Les buttes et les cantons des Îles-de-la-Madeleine racontent l’histoire d’une terre façonnée par le vent, la mer et les générations de Madelinots qui l’ont habitée. Qu’ils soient le décor de légendes, des repères pour les marins ou des lieux de vie pour la communauté, ils sont au cœur de l’identité insulaire.
Des hauteurs imposantes de la Big Hill aux contours légendaires de la Butte-du-Mort, en passant par les reliefs emblématiques des Demoiselles, les buttes des Îles-de-la-Madeleine ne se contentent pas de façonner le paysage. Elles nourrissent l’imaginaire collectif, témoignent d’un riche héritage culturel et servent de repères pour marins et habitants.
Les cantons, eux, ancrés dans la mémoire des Madelinots, sont bien plus que de simples divisions géographiques. Ils représentent le premier repère d’appartenance, une toile de fond indissociable du quotidien insulaire.
Les buttes : sentinelles du paysage et gardiennes d’histoires
Sur l’Île d’Entrée, la Big Hill domine l’archipel du haut de ses 174 mètres. Visible dès l’arrivée en bateau, elle offre un panorama à couper le souffle et un havre de paix aux troupeaux de vaches qui y paissent en liberté.
Non loin, sur l’Île Brion, la Butte-du-Mort alimente les légendes. Anselme Chiasson rapporte qu’un naufragé y monta la garde avec la cloche du navire, guettant une voile à l’horizon. Il ne redescendit jamais, son corps retrouvé au pied d’un arbre, renforçant le mystère qui entoure ce lieu.
À Havre-Aubert, les Demoiselles incarnent l’histoire maritime de l’archipel. Ancien point de refuge pour les navigateurs, elles se composent d’une butte plus élevée, la demoiselle, et d’une plus petite, la Butte de la Croix, où trône une croix bénie en 1811. Ce site offre une vue privilégiée sur l’Île d’Entrée et le site historique de La Grave.
Plus au nord, à L’Étang-du-Nord, la Butte du Vent s’impose comme l’un des sommets les plus élevés de l’archipel. Abritant des tours de communication, elle attire les randonneurs en quête d’un panorama unique sur Havre-aux-Basques, Fatima et Havre-aux-Maisons. On y trouve également une source où certains viennent encore cueillir l’eau de Pâques, perpétuant une vieille tradition.
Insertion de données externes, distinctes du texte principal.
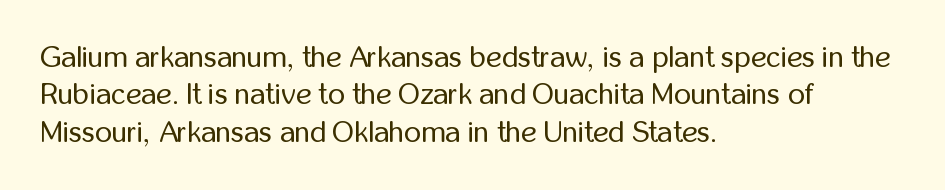
Regarding leading, the lines here are spaced in the standard way. Casual observation: everything's shoved over to the left. Do the letters lean? They stand straight. Stems and bowls with no extra thickness — not bold.

À Havre-aux-Maisons, la Butte Ronde, surplombant le phare du Cap Alright, est auréolée de mystère. On raconte qu’un trésor y serait enfoui, à un endroit d’où l’on peut voir les sept îles de l’archipel. Près d’elle, les Buttes Pelées, rongées par l’exploitation d’une carrière, ont fait l’objet de nombreuses mobilisations citoyennes pour la préservation de leur richesse naturelle.
Enfin, à Grosse-Île, la Rock Forest et le Cap Dauphin sont des lieux prisés des amateurs de plein air, rappelant que les buttes des Îles sont aussi des terrains de jeux naturels pour les randonneurs, skieurs et amoureux de la nature.
Les cantons : des territoires d’appartenance encore bien vivants
Si les buttes sont les gardiennes des paysages madelinots, les cantons en sont l’âme vivante. Loin d’être de simples repères administratifs, ces territoires portent une identité propre, transmise de génération en génération.
Des noms comme Portage-du-Cap, Gros-Cap, Cap-Vert, Pointe-aux-Loups ou Dune-du-Sud évoquent non seulement des lieux, mais aussi des modes de vie, des souvenirs et un attachement profond à la terre et à la mer. Chaque canton possède sa butte, son étang, sa plage, des éléments naturels qui définissent son caractère unique.
Les cantons sont aussi marqués par l’histoire humaine. Les maisons y sont dispersées sur des îlots rocheux, préservant ainsi les espaces naturels. Les noms de famille y dessinent encore des «renclos», ces regroupements familiaux qui témoignent d’un passé où les liens de parenté dictaient l’organisation du territoire.
Ils sont aussi synonymes de rassemblements. L’étang du canton servait jadis de terrain de hockey en hiver et accueillait au printemps les oiseaux migrateurs qui, le temps d’une saison, devenaient eux aussi résidents du territoire. Le bord de mer, quant à lui, fut le témoin de l’époque où les quais grouillaient d’activité et où le travail des pêcheurs dictait le rythme de la vie locale.
Aujourd’hui encore, alors que certains sites disparaissent sous l’effet de l’érosion ou de l’activité humaine, il devient essentiel de préserver ces joyaux naturels et de perpétuer leur histoire. Car si les paysages évoluent, l’attachement des Madelinots à leurs buttes et à leurs cantons, lui, demeure intact.